Task data
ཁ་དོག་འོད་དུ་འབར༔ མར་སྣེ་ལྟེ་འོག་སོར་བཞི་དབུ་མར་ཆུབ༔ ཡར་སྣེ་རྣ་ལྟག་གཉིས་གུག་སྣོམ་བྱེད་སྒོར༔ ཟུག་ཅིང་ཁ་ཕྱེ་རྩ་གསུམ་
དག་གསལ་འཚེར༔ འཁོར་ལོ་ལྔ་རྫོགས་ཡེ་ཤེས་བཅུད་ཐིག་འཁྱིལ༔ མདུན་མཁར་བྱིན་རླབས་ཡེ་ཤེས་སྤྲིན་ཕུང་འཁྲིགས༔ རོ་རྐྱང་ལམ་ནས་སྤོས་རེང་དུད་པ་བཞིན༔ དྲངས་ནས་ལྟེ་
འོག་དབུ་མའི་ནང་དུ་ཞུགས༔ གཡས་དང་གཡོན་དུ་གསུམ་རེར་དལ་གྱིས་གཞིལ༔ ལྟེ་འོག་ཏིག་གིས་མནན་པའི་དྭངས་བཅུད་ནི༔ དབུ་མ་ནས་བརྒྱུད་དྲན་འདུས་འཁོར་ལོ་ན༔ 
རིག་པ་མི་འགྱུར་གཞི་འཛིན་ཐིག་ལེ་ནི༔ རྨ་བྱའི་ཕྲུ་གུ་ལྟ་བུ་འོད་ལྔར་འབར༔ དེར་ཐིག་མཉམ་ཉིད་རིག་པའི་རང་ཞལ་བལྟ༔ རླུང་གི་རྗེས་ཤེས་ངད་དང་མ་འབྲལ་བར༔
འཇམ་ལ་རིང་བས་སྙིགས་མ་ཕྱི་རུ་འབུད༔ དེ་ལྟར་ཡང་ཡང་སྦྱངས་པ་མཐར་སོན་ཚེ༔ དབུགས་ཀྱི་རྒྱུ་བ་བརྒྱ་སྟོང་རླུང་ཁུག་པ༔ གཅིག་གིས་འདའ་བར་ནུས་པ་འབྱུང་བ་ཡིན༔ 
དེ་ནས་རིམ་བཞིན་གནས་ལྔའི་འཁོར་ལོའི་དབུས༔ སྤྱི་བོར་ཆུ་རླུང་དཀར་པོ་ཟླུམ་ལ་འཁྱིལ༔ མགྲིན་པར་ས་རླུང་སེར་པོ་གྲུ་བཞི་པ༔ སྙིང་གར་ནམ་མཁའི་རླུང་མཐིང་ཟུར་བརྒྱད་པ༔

Task item
In full and without alteration, transcribe the entries above.

Worked solution
ཁ་དོག་འོད་དུ་འབར༔ མར་སྣེ་ལྟེ་འོག་སོར་བཞི་དབུ་མར་ཆུབ༔ ཡར་སྣེ་རྣ་ལྟག་གཉིས་གུག་སྣོམ་བྱེད་སྒོར༔ ཟུག་ཅིང་ཁ་ཕྱེ་རྩ་གསུམ་
དག་གསལ་འཚེར༔ འཁོར་ལོ་ལྔ་རྫོགས་ཡེ་ཤེས་བཅུད་ཐིག་འཁྱིལ༔ མདུན་མཁར་བྱིན་རླབས་ཡེ་ཤེས་སྤྲིན་ཕུང་འཁྲིགས༔ རོ་རྐྱང་ལམ་ནས་སྤོས་རེང་དུད་པ་བཞིན༔ དྲངས་ནས་ལྟེ་
འོག་དབུ་མའི་ནང་དུ་ཞུགས༔ གཡས་དང་གཡོན་དུ་གསུམ་རེར་དལ་གྱིས་གཞིལ༔ ལྟེ་འོག་ཏིག་གིས་མནན་པའི་དྭངས་བཅུད་ནི༔ དབུ་མ་ནས་བརྒྱུད་དྲན་འདུས་འཁོར་ལོ་ན༔ 
རིག་པ་མི་འགྱུར་གཞི་འཛིན་ཐིག་ལེ་ནི༔ རྨ་བྱའི་ཕྲུ་གུ་ལྟ་བུ་འོད་ལྔར་འབར༔ དེར་ཐིག་མཉམ་ཉིད་རིག་པའི་རང་ཞལ་བལྟ༔ རླུང་གི་རྗེས་ཤེས་ངད་དང་མ་འབྲལ་བར༔
འཇམ་ལ་རིང་བས་སྙིགས་མ་ཕྱི་རུ་འབུད༔ དེ་ལྟར་ཡང་ཡང་སྦྱངས་པ་མཐར་སོན་ཚེ༔ དབུགས་ཀྱི་རྒྱུ་བ་བརྒྱ་སྟོང་རླུང་ཁུག་པ༔ གཅིག་གིས་འདའ་བར་ནུས་པ་འབྱུང་བ་ཡིན༔ 
དེ་ནས་རིམ་བཞིན་གནས་ལྔའི་འཁོར་ལོའི་དབུས༔ སྤྱི་བོར་ཆུ་རླུང་དཀར་པོ་ཟླུམ་ལ་འཁྱིལ༔ མགྲིན་པར་ས་རླུང་སེར་པོ་གྲུ་བཞི་པ༔ སྙིང་གར་ནམ་མཁའི་རླུང་མཐིང་ཟུར་བརྒྱད་པ༔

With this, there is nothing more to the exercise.